Henuz 18 ini yeni bitirmiştin, enerji ve umutla dolu hayata 
başlamaya hazırdın... Ne oldu? 
İstemediğin bir okula girdin. İnsanları mutlu etmek, saygı 
kazanmak, sevilmek için... Sevmediğin bir bölümde senelerini
harcadın.... 
Ayaklarını sürüye sürüye gittin derslere... Çalışmak istemedin ama 
yine de zorladın kendini... 
Güç bela bitirdin sonunda... Ne ailen, ne de arkadaşların görmedi 
yaptığın fedakarlığı... Alkışlamadılar seni, 
omuzlarının üzerine çıkarmadılar, madalya takmadılar... Enerjin 
çoktan tükenmeye başladı bile... Kimse bilmez nasıl kendini feda 
ettiğini... 
Ruhunu teslim ettiğini... Gençliğini tükettiğini... 
Şimdi iş bulman gerek...Para kazanman, araba alman, ev alman 
gerek.....İstemediğin bir işe girdin... Böyle olması gerekiyor 
diye... Sırf çevrendekiler bekliyor diye... İnsanları mutlu etmek, 
saygı kazanmak, sevilmek için... Sabahın köründe gidiyorsun 
işe...Sevmediğin insanlar ile gününü harcıyorsun... Heyecan 
duymadığın işlerle zamanını geçiriyorsun...Yarının gelmesinden 
nefret ediyorsun... 
Sevildiğini hissettin mi peki? Ya saygı? Bitti mi insanların 
istekleri? Özgür müsün artık? Hayır hala özgür değilsin...Şimdi 
evlenmen gerek... Öyle ya yaşın geçiyor, evde mi kaldın ne? 
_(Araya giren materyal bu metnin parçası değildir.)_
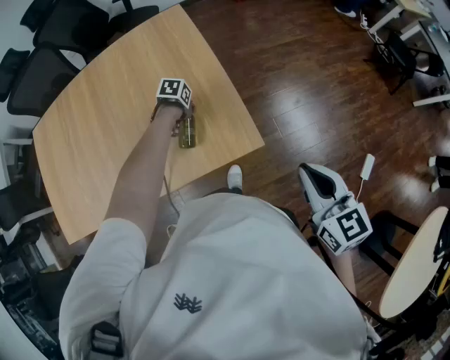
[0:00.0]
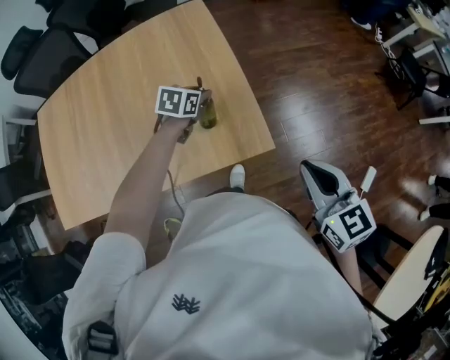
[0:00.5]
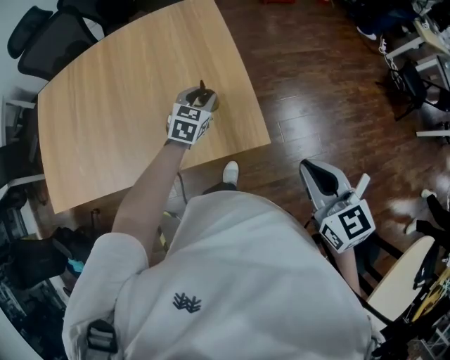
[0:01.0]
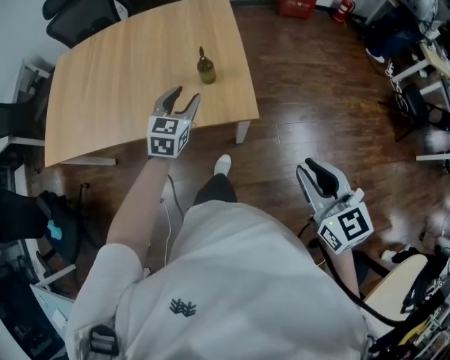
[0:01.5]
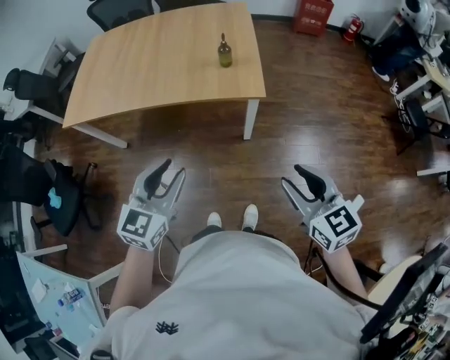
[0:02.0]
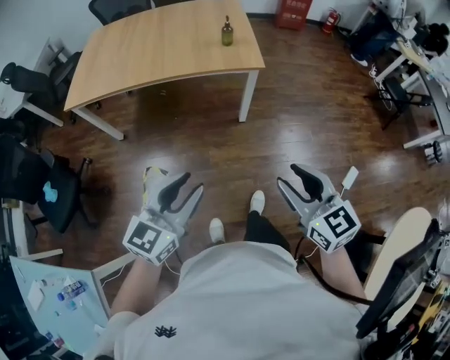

Arıyorsun etrafında uygun birisini, 
artık evlenmeliyim diyorsun...Acaba gerçekten istiyor musun? Sana 
uygun birisini buldun işte, boyu 
boyuna, mesleği mesleğine, parası parana göre...Peki ya kalbin? 
Düğününden bir gece önce sessizce itiraf ettin kendine, ya doğru 
kişi değilse? Belli ki hazır değildin bu evliliğe... Evlenmek için 
evlendin...İnsanları mutlu etmek, saygı kazanmak, sevilmek 
için...Mutlu oldun mu peki? 
Kalbin heyecanla doldu mu? Akşam eve koşarak döndün mü? 
Sevildiğini hissettin mi? Seviştin mi tüm varlığınla? 
Daha evleneli bir sene dolmadı, insanlar çocuk demeye başladılar... 
İstedin mi gerçekten bir çocuk sahibi olmayı? Hazır mısın bir 
canlıyı yetiştirmeye? 
Söyle bana ne verebilirsin bu küçük insana? Hayatı kendi 
gözlerinle 
hiç yaşadın mı? Ne istediğini biliyor musun? Ya istemediğini? Hiç 
risk aldın mı? 
Sen hiç kendin için bir şey yaptın mı? Çocuğun bir gün sorarsa 
Özgürlük Nedir? Ne cevap vereceksin? Sen hiç özgürlüğü yaşadın mı? 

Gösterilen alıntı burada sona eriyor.